Of course, to truly learn from work that has preceded yours, you need access to it. How can you build on the latest research if you don’t know its details? Thankfully, open access (OA) is making it easier to find research papers, and Microsoft Research is committed to OA. Though it’s a good start, OA articles only contain words and pictures. What about the data, software, input parameters, and everything else needed to reproduce the research?
While research software provides the potential for better reproducibility, most people agree that we are some way from achieving this. It’s not just a matter of throwing your source code online. Even though tools such as GitHub provide excellent sharing and versioning, it is up to the researcher or developer to make sure the code cannot only be re-run but also understood by others. There are still technical issues to overcome, but the social ones are even harder to tackle. The development of scientific software and researchers’ selection of which software to use and reuse are all intertwined. We at Microsoft Research are concerned with this—see “Troubling Trends in Scientific Software” in the May 17, 2013, issue of Science magazine.
Kenji Takeda talks about reproducible research and the cloud at CW14.
Photo: Tim Parkinson,CC-BY
This year’s Collaboration Workshop (CW14), run by the Software Sustainability Institute (SSI), brought together likeminded innovators from a broad spectrum of the research world—researchers, software developers, managers, funders, and more—to explore the role of software in reproducible research. This theme couldn’t have been timelier, and I was excited to take part in this dynamic event again with a talk on reproducible research and the cloud. The “unconference” format—where the agenda is driven by attendees’ participation—was perfect for exploring the many issues around reproducible research and software. So, too, was the eclectic make-up of the attendees, so unlike that at more conventional conferences.
Hack Day winners receive Windows 8.1 tablets for Open Source Health Check. Left to right: Arfon Smith (GitHub), Kenji Takeda (Microsoft Research), James Spencer (Imperial College), Clyde Fare (Imperial College), Ling Ge (Imperial College), Mark Basham (DIAMOND), Robin Wilson (University of Southampton), Neil Chue-Hong (Director, SSI), Shoaib Sufi (SSI)
Instead of leaving after two days, many participants stayed on for Hack Day—a hackathon that challenged them to create real solutions to problems surfaced at the workshop. Eight team leaders had to pitch their ideas to the crowd, as the researchers and software developers literally voted with their feet to join their favorite team. The diversity of ideas was impressive, such as scraping the web to catalogue scientific software citations, extending GitHub to natively visualize scientific data, and assessing research code quality online. We made sure that teams were able to use Microsoft Azure to quickly set up websites, Linux virtual machines, and processing back-ends to build their solutions.
Arfon Smith from GitHub and I served as judges, and we had a tough time choosing a winning project. After much back-and-forth, we awarded the honor to the Open Source Health Check team, which created an elegant and genuinely usable service that combines some of the best practices discussed during the workshop. Their prototype runs a checklist on any GitHub repository to make sure that it incorporates the critical components for reproducibility, including documentation, an explicit license, and a citation file. The team worked furiously to implement this, including deploying it on Microsoft Azure and integrating it with the GitHub API, to demonstrate a complete online working system.

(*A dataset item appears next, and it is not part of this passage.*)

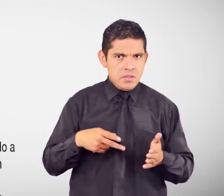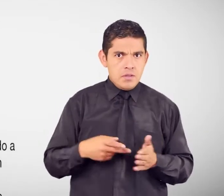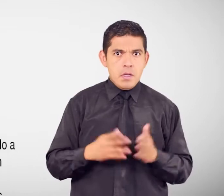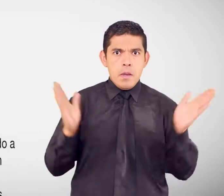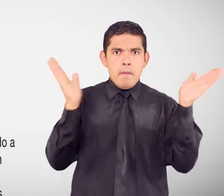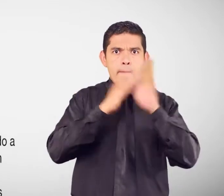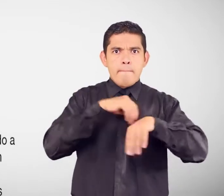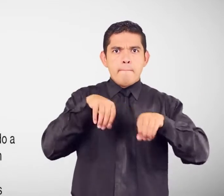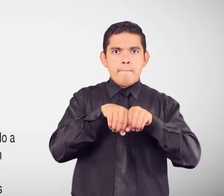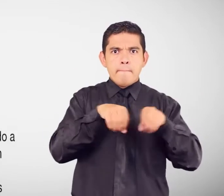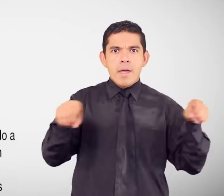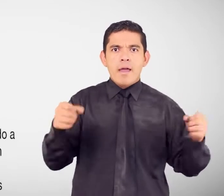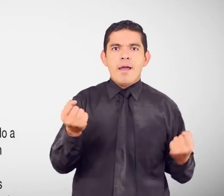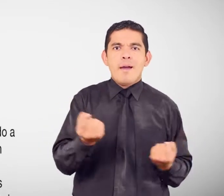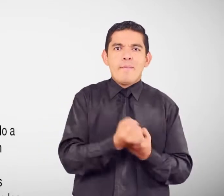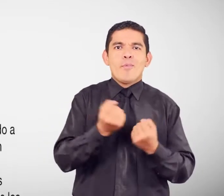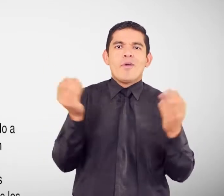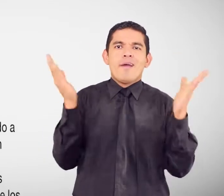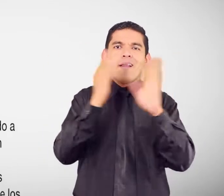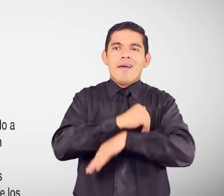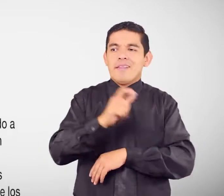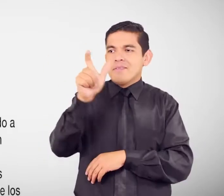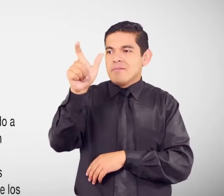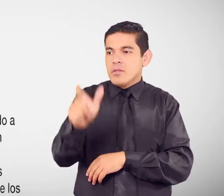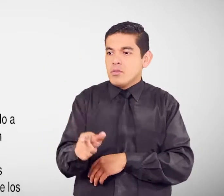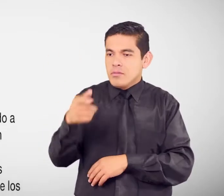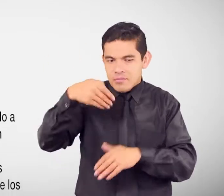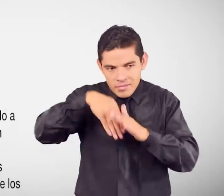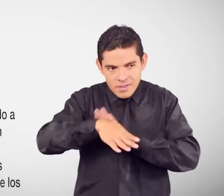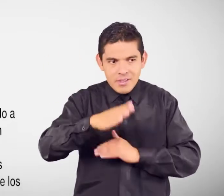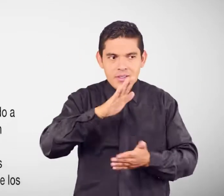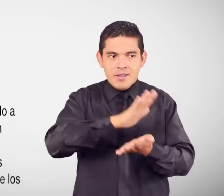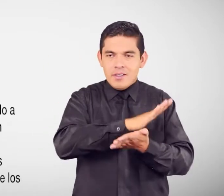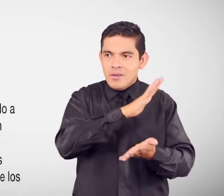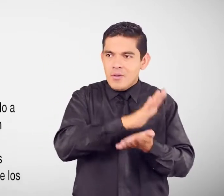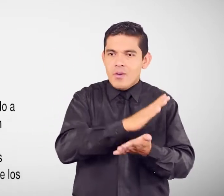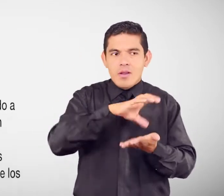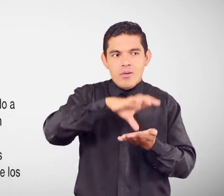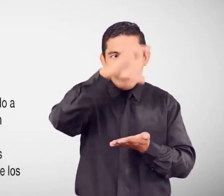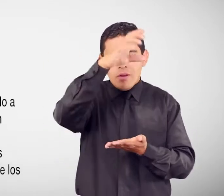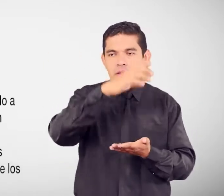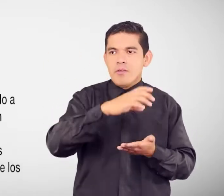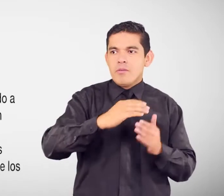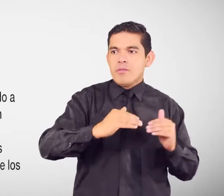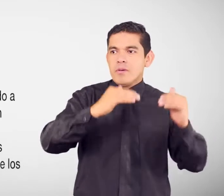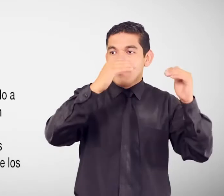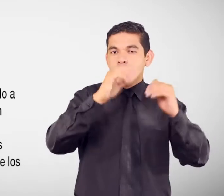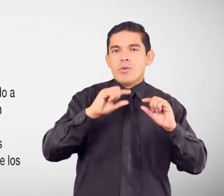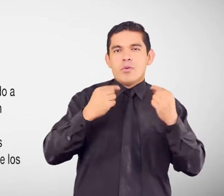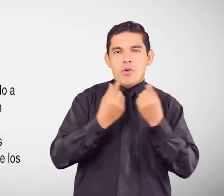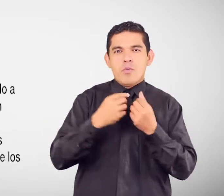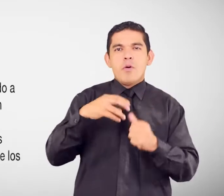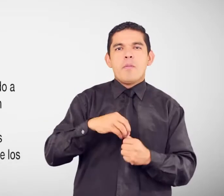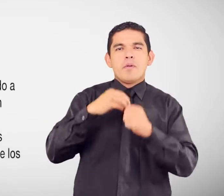se otorga Para realizar estudios Priorizando a las personas de los grupos de atención prioritaria Una beca puede ser total o

Recomputation.org aims to make computational experiments easily reproducible decades into the future.
In addition to our role at CW14, Microsoft Research is delighted to be supporting teams working on new approaches to scientific reproducibility as part of our Microsoft Azure for Research program:
- Recomputation.org is focused on taking advantage of virtual machines to preserve software experiments. By packaging up a researcher’s entire experimental setup in a VM, it becomes trivial to replicate their work. Once these VMs have been uploaded to VMDepot, it takes just a few mouse clicks to call up the complete experiment in Microsoft Azure, log in, and rerun the research. From there, it is possible to drill down and dissect the work, extend it, and then share a new version online. It’s a great collaboration with the Software Sustainability Institute, and the cloud provides an ideal environment for this platform.
- Patrick Henaff, of IAE de Paris, is working with Zeliade Systems on enhanced IPython notebooks shared via the cloud at zanadu.io. Their vision for social coding around reproducible software tackles some of the cultural issues by allowing researchers to easily share, discover, and reuse their work in an executable way.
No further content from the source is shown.